Voluntarily recognizing Recreation workers as unionized, Zeigler told the council, would open up “an avenue that could change the lives of potentially hundred of Recreation employees, the largest group of low-wage workers employed by the City of Portland. By using the democratic process of voluntary recognition, Rec staff will have the opportunity to gain access to benefits, living wages, and union protection. Staff will also be more likely to afford rent–something I have not always been able to do–and they will also be more likely to provide for their families.”

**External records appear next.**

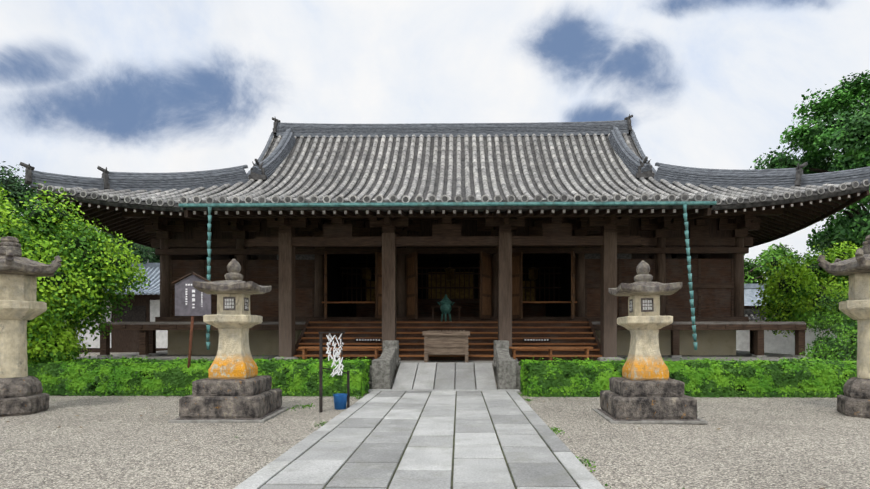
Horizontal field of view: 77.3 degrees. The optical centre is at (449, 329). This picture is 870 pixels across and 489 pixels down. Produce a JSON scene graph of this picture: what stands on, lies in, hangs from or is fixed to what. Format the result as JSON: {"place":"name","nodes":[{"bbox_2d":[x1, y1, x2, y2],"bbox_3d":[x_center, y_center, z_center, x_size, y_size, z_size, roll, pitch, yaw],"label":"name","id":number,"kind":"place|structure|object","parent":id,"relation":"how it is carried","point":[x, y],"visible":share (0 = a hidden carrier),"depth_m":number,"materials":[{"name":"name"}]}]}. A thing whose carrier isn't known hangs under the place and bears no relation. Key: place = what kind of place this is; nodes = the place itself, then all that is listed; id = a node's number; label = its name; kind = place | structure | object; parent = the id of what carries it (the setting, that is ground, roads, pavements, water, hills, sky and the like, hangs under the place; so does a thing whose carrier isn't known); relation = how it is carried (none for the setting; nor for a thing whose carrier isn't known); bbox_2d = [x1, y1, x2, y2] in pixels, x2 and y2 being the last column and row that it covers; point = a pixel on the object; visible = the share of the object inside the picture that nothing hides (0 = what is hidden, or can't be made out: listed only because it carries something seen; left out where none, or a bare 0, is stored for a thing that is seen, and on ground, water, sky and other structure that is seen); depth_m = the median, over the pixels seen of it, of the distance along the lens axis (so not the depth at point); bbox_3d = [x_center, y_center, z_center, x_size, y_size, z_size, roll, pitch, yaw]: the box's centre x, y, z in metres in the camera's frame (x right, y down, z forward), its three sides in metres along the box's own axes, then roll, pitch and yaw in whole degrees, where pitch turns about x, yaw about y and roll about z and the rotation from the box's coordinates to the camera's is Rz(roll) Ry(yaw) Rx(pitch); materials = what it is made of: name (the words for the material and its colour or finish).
{"place":"outdoors","nodes":[
{"label":"outdoors","id":0,"kind":"place"},
{"bbox_2d":[233,391,604,488],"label":"path paving","id":1,"kind":"structure","parent":0,"point":[441,440],"depth_m":6.88,"materials":[{"name":"grey stone"}]},
{"bbox_2d":[368,340,520,392],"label":"ramp","id":2,"kind":"structure","parent":1,"relation":"on","point":[431,377],"depth_m":14.32,"materials":[{"name":"stone"}]},
{"bbox_2d":[0,330,869,488],"bbox_3d":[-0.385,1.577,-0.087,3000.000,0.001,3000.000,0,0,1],"label":"gravel ground","id":3,"kind":"structure","parent":0,"point":[796,443],"depth_m":7.45,"materials":[{"name":"grey gravel"}]},
{"bbox_2d":[0,236,61,416],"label":"lantern","id":4,"kind":"object","parent":3,"relation":"on","point":[21,390],"visible":1,"depth_m":10.07,"materials":[{"name":"stone"}]},
{"bbox_2d":[0,161,103,234],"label":"tree","id":5,"kind":"object","parent":3,"relation":"on","point":[17,180],"depth_m":23.64,"materials":[{"name":"green plant"}]},
{"bbox_2d":[27,308,80,366],"bbox_3d":[-11.735,0.279,13.336,4.612,2.649,3.788,0,0,1],"label":"shrub","id":6,"kind":"object","parent":3,"relation":"on","point":[69,346],"depth_m":13.50,"materials":[{"name":"green plant"}]},
{"bbox_2d":[0,181,150,359],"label":"maple tree","id":7,"kind":"object","parent":3,"relation":"on","point":[82,278],"depth_m":14.49,"materials":[{"name":"green plant"}]},
{"bbox_2d":[74,263,167,351],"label":"side hall","id":8,"kind":"structure","parent":3,"relation":"on","point":[145,307],"depth_m":37.31,"materials":[{"name":"white paint"}]},
{"bbox_2d":[90,230,159,262],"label":"tree","id":9,"kind":"object","parent":3,"relation":"on","point":[152,257],"depth_m":44.29,"materials":[{"name":"green plant"}]},
{"bbox_2d":[171,272,210,395],"bbox_3d":[-6.096,0.105,12.941,1.003,2.949,0.130,0,0,1],"label":"sign board","id":10,"kind":"object","parent":3,"relation":"on","point":[191,300],"visible":0.83,"depth_m":12.92,"materials":[{"name":"brown wood"}]},
{"bbox_2d":[27,355,371,396],"bbox_3d":[-6.161,1.129,13.642,8.312,0.971,1.622,0,0,1],"label":"hedge","id":11,"kind":"object","parent":3,"relation":"on","point":[294,380],"depth_m":12.93,"materials":[{"name":"green plant"}]},
{"bbox_2d":[168,259,289,422],"bbox_3d":[-3.951,0.144,9.979,1.612,2.882,1.614,0,0,-1],"label":"lantern","id":12,"kind":"object","parent":3,"relation":"on","point":[233,388],"visible":1,"depth_m":9.62,"materials":[{"name":"stone"}]},
{"bbox_2d":[318,332,349,411],"bbox_3d":[-2.229,0.811,10.580,0.500,1.530,0.581,0,0,1],"label":"omikuji stand","id":13,"kind":"object","parent":3,"relation":"on","point":[337,354],"visible":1,"depth_m":10.33,"materials":[{"name":"white paper"}]},
{"bbox_2d":[333,393,347,409],"bbox_3d":[-2.165,1.431,10.798,0.290,0.290,0.290,0,0,1],"label":"blue bucket","id":14,"kind":"object","parent":3,"relation":"on","point":[340,401],"visible":0.98,"depth_m":10.70,"materials":[{"name":"blue plastic"}]},
{"bbox_2d":[6,392,835,488],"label":"grass tufts","id":15,"kind":"object","parent":3,"relation":"on","point":[522,395],"visible":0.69,"depth_m":12.57,"materials":[{"name":"green plant"}]},
{"bbox_2d":[74,350,844,382],"bbox_3d":[0.099,1.274,26.159,26.500,0.604,20.600,0,0,1],"label":"platform stone","id":16,"kind":"object","parent":3,"relation":"on","point":[742,355],"visible":0.14,"depth_m":18.86,"materials":[{"name":"grey stone"}]},
{"bbox_2d":[298,346,592,361],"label":"benches","id":17,"kind":"object","parent":16,"relation":"on","point":[305,355],"visible":0.77,"depth_m":16.42,"materials":[{"name":"brown wood"}]},
{"bbox_2d":[423,330,469,361],"bbox_3d":[-0.081,0.501,16.380,1.400,0.950,0.760,0,0,1],"label":"offering box","id":18,"kind":"object","parent":16,"relation":"on","point":[445,342],"visible":0.96,"depth_m":16.05,"materials":[{"name":"brown wood"}]},
{"bbox_2d":[293,318,601,360],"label":"wooden steps","id":19,"kind":"structure","parent":16,"relation":"on","point":[482,336],"depth_m":17.87,"materials":[{"name":"brown wood"}]},
{"bbox_2d":[219,212,678,360],"bbox_3d":[-0.044,-1.286,18.390,13.800,4.526,4.360,0,0,1],"label":"kohai hall","id":20,"kind":"object","parent":16,"relation":"on","point":[337,232],"visible":0.81,"depth_m":16.76,"materials":[{"name":"brown wood"}]},
{"bbox_2d":[168,330,735,354],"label":"foundation wall","id":21,"kind":"structure","parent":16,"relation":"on","point":[709,342],"depth_m":20.44,"materials":[{"name":"brown wood"}]},
{"bbox_2d":[122,208,782,321],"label":"hall body","id":22,"kind":"structure","parent":16,"relation":"on","point":[549,283],"depth_m":20.41,"materials":[{"name":"brown wood"}]},
{"bbox_2d":[431,294,460,320],"bbox_3d":[-0.117,-0.771,19.872,1.100,1.006,0.979,0,0,1],"label":"incense burner","id":23,"kind":"object","parent":22,"relation":"on","point":[445,306],"visible":0.92,"depth_m":19.52,"materials":[{"name":"teal metal"}]},
{"bbox_2d":[354,338,549,340],"bbox_3d":[0.094,0.341,17.760,6.400,0.090,0.014,0,0,1],"label":"stair notice","id":24,"kind":"object","parent":22,"relation":"attached to","point":[367,339],"visible":0.98,"depth_m":17.80,"materials":[{"name":"white"}]},
{"bbox_2d":[37,133,869,259],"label":"roof surface","id":25,"kind":"object","parent":22,"relation":"on","point":[491,209],"visible":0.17,"depth_m":22.73,"materials":[{"name":"grey tile"}]},
{"bbox_2d":[19,114,869,191],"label":"roof ridges","id":26,"kind":"object","parent":25,"relation":"on","point":[634,163],"visible":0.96,"depth_m":22.27,"materials":[{"name":"grey tile"}]},
{"bbox_2d":[179,201,716,349],"bbox_3d":[-0.109,-1.449,14.871,14.600,4.019,0.240,0,0,1],"label":"copper gutter","id":27,"kind":"object","parent":25,"relation":"attached to","point":[684,204],"visible":0.88,"depth_m":14.75,"materials":[{"name":"teal metal"}]},
{"bbox_2d":[37,132,869,210],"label":"roof tiles","id":28,"kind":"object","parent":25,"relation":"on","point":[260,194],"visible":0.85,"depth_m":21.72,"materials":[{"name":"grey tile"}]},
{"bbox_2d":[37,190,869,248],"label":"roof rafters","id":29,"kind":"object","parent":22,"relation":"on","point":[776,227],"visible":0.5,"depth_m":18.02,"materials":[{"name":"brown wood"}]},
{"bbox_2d":[97,322,807,357],"bbox_3d":[0.103,0.351,26.404,24.740,1.250,15.010,0,0,1],"label":"veranda","id":30,"kind":"object","parent":16,"relation":"on","point":[147,338],"visible":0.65,"depth_m":18.94,"materials":[{"name":"brown wood"}]},
{"bbox_2d":[593,260,707,423],"bbox_3d":[3.534,0.164,9.856,1.588,2.835,1.589,-1,-1,4],"label":"lantern","id":31,"kind":"object","parent":3,"relation":"on","point":[645,389],"visible":1,"depth_m":9.48,"materials":[{"name":"stone"}]},
{"bbox_2d":[518,355,856,397],"bbox_3d":[5.909,1.132,13.423,8.282,0.958,1.630,0,0,1],"label":"hedge","id":32,"kind":"object","parent":3,"relation":"on","point":[701,377],"depth_m":12.70,"materials":[{"name":"green plant"}]},
{"bbox_2d":[744,243,813,289],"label":"tree","id":33,"kind":"object","parent":3,"relation":"on","point":[778,252],"depth_m":42.55,"materials":[{"name":"green plant"}]},
{"bbox_2d":[736,284,847,354],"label":"building","id":34,"kind":"structure","parent":3,"relation":"on","point":[778,343],"depth_m":33.45,"materials":[{"name":"plaster"},{"name":"dark wood"},{"name":"tile"}]},
{"bbox_2d":[751,241,861,358],"bbox_3d":[15.591,-0.907,21.794,7.584,5.028,6.700,0,0,1],"label":"maple tree","id":35,"kind":"object","parent":3,"relation":"on","point":[775,294],"depth_m":20.72,"materials":[{"name":"green plant"}]},
{"bbox_2d":[749,70,869,255],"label":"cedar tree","id":36,"kind":"object","parent":3,"relation":"on","point":[819,134],"depth_m":26.70,"materials":[{"name":"green plant"}]},
{"bbox_2d":[791,288,856,337],"bbox_3d":[16.090,-0.214,18.582,7.310,3.688,4.389,0,0,1],"label":"shrub","id":37,"kind":"object","parent":3,"relation":"on","point":[830,318],"depth_m":18.78,"materials":[{"name":"green plant"}]},
{"bbox_2d":[799,318,856,360],"bbox_3d":[11.852,0.627,15.572,4.157,1.916,2.903,0,0,-21],"label":"shrub","id":38,"kind":"object","parent":3,"relation":"on","point":[822,348],"depth_m":15.07,"materials":[{"name":"green plant"}]},
{"bbox_2d":[813,223,864,294],"bbox_3d":[21.605,-2.293,26.567,7.850,7.794,7.753,0,0,1],"label":"maple tree","id":39,"kind":"object","parent":3,"relation":"on","point":[829,244],"depth_m":27.20,"materials":[{"name":"green plant"}]},
{"bbox_2d":[817,235,869,418],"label":"lantern","id":40,"kind":"object","parent":3,"relation":"on","point":[853,400],"visible":1,"depth_m":9.86,"materials":[{"name":"stone"}]},
{"bbox_2d":[0,0,869,281],"label":"sky","id":41,"kind":"structure","parent":0,"point":[138,86],"materials":[{"name":"white"}]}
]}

Kowaleski noted how the disparity of wages and benefits received by part-time workers was felt by the same groups of people who always seem to bear the brunt of inequality. “Portland is becoming more stratified by race and class, and the city government is no exception,” she said. “As we strive to implement equity in city services and internally, it gives me pause to know that casual workers who face low-wages are 20% more likely to be women like myself and 10% more likely to be people of color. In a city with the fastest growing rents in the country, we are also prone to the most displacement.”
State Senator Michael Dembrow and State Representative Lew Frederick attended the council meeting, supporting the Recreation workers. “We expect our public agencies to be role models for how to be good employers,” said Dembrow. “Recreation staff have been struggling for too long with low wages, no benefits, unpredictable schedules, and no workplace protections. These workers are doing what’s brave and right to join together for a union. Every employer, including the City of Portland, should recognize workers’ desires to better their lives and the lives of their families.”
Kowaleski asked the council to voluntarily recognize Recreation workers as unionized by December 16.
“A pathway to better wages couldn’t come soon enough.”